Records for the task section start

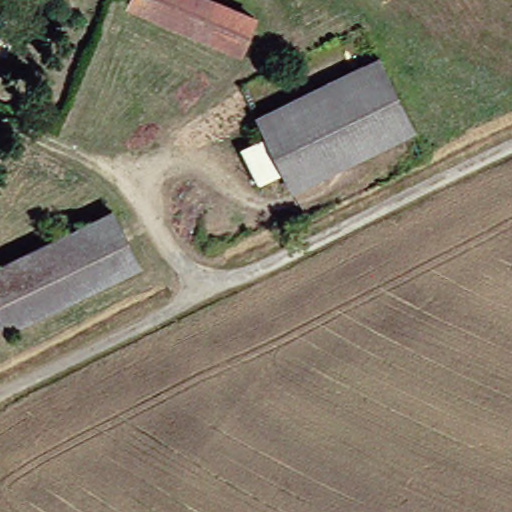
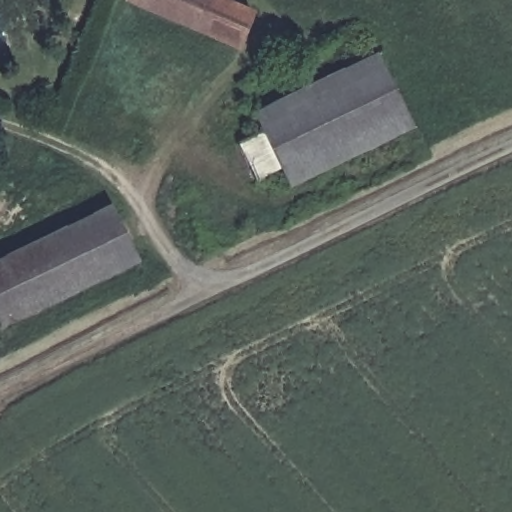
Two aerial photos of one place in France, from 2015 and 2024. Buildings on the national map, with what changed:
unchanged [(243,9),(229,43),(127,0),(222,0),(243,9)]
unchanged [(246,108),(368,50),(403,124),(282,181),(272,162),(256,127),(246,108)]
unchanged [(249,174),(231,139),(256,127),(272,162),(249,174)]
unchanged [(129,261),(0,324),(0,257),(103,207),(129,261)]

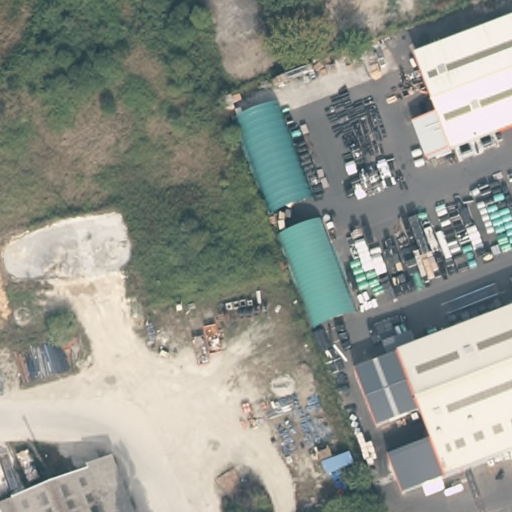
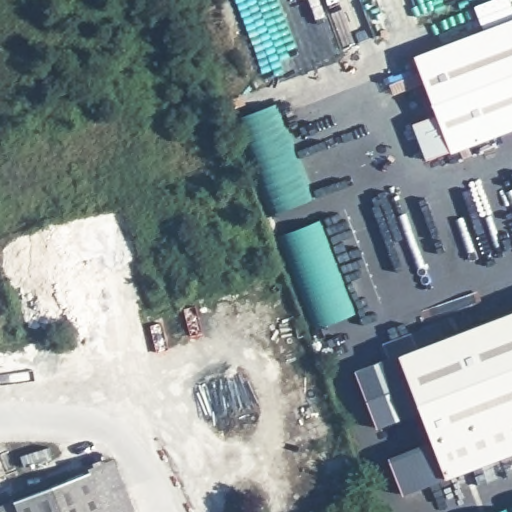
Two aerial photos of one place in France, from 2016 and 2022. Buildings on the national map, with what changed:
unchanged [(512,20),(512,128),(428,160),(414,123),(437,114),(415,57),(449,44),(512,20)]
unchanged [(272,210),(235,117),(275,103),(311,197),(272,210)]
unchanged [(317,330),(280,236),(317,221),(356,311),(317,330)]
unchanged [(440,463),(398,356),(512,312),(512,453),(445,478),(440,463)]
unchanged [(421,414),(376,428),(355,370),(398,356),(421,414)]
unchanged [(402,492),(387,456),(431,441),(440,463),(445,478),(402,492)]
unchanged [(131,512),(101,512),(85,470),(111,460),(131,512)]
unchanged [(85,470),(101,512),(0,512),(0,503),(85,470)]

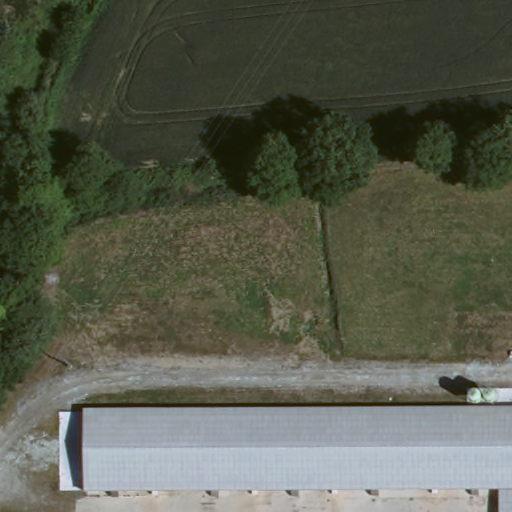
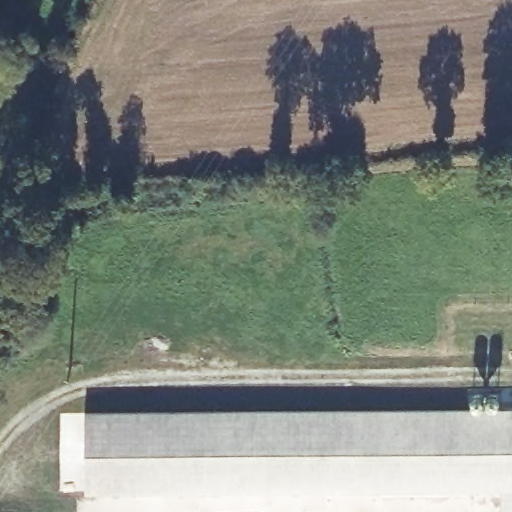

Records for the task section end

Work to complete:
Copy exactly, with no pictures, the lines from the line containing "Two aerial photos of one place in France, from 2016" through the last line of the records above.

Finished exercise:
Two aerial photos of one place in France, from 2016 and 2022. Buildings on the national map, with what changed:
unchanged [(512,20),(512,128),(428,160),(414,123),(437,114),(415,57),(449,44),(512,20)]
unchanged [(272,210),(235,117),(275,103),(311,197),(272,210)]
unchanged [(317,330),(280,236),(317,221),(356,311),(317,330)]
unchanged [(440,463),(398,356),(512,312),(512,453),(445,478),(440,463)]
unchanged [(421,414),(376,428),(355,370),(398,356),(421,414)]
unchanged [(402,492),(387,456),(431,441),(440,463),(445,478),(402,492)]
unchanged [(131,512),(101,512),(85,470),(111,460),(131,512)]
unchanged [(85,470),(101,512),(0,512),(0,503),(85,470)]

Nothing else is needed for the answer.